Task brief: Lines that include "Dürnten" make up the answer; copy all of them from the data below.

-- Available records follows --

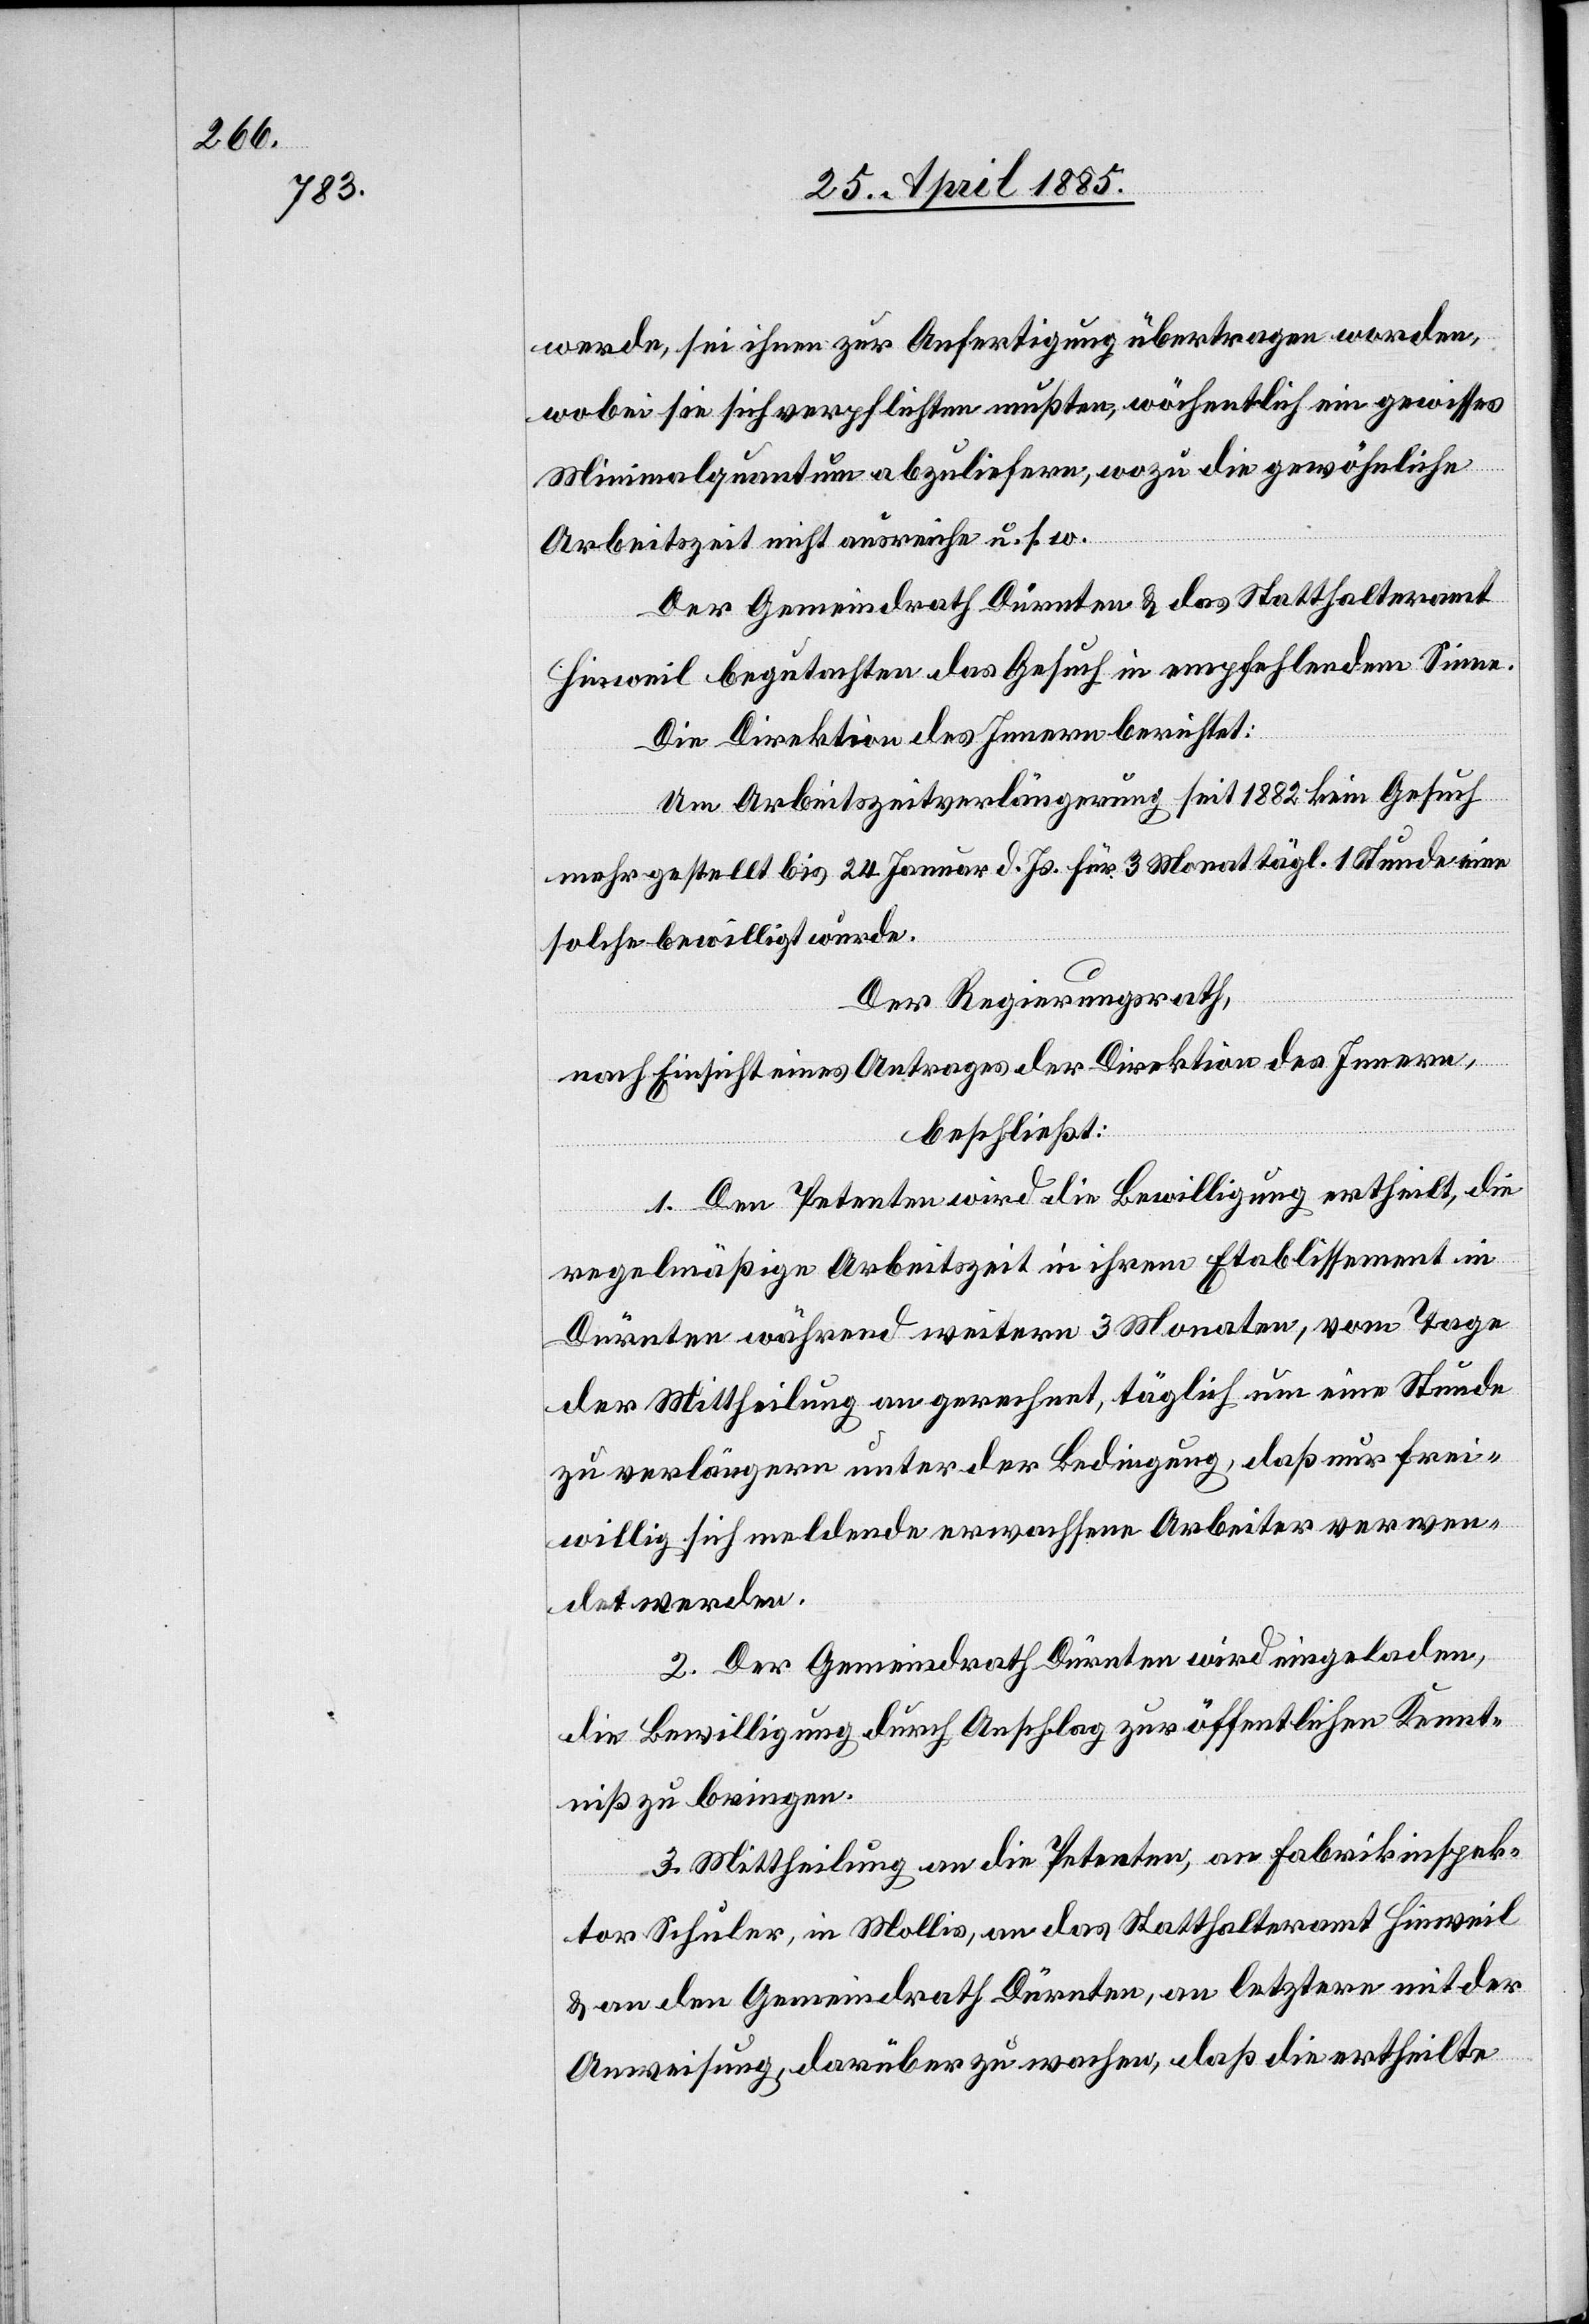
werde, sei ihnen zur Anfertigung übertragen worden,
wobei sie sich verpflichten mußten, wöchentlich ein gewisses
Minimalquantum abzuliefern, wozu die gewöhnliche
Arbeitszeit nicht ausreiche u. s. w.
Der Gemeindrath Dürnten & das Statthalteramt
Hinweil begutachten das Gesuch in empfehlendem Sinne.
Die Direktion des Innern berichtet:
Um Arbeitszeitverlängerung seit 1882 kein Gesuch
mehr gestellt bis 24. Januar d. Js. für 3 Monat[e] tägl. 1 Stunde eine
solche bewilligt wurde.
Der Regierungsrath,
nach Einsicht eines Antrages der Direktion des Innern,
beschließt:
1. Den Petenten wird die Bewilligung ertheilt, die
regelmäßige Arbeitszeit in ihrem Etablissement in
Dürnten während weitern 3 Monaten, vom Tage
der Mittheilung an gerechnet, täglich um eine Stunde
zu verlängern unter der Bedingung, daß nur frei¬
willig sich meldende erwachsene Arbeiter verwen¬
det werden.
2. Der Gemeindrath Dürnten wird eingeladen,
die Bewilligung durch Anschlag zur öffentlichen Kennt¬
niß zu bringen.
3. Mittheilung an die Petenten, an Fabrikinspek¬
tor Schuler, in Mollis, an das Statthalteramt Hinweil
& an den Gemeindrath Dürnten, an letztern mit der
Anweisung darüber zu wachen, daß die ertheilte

-- Available records concluded --

Exercise output:
Der Gemeindrath Dürnten & das Statthalteramt
Dürnten während weitern 3 Monaten, vom Tage
2. Der Gemeindrath Dürnten wird eingeladen,
& an den Gemeindrath Dürnten, an letztern mit der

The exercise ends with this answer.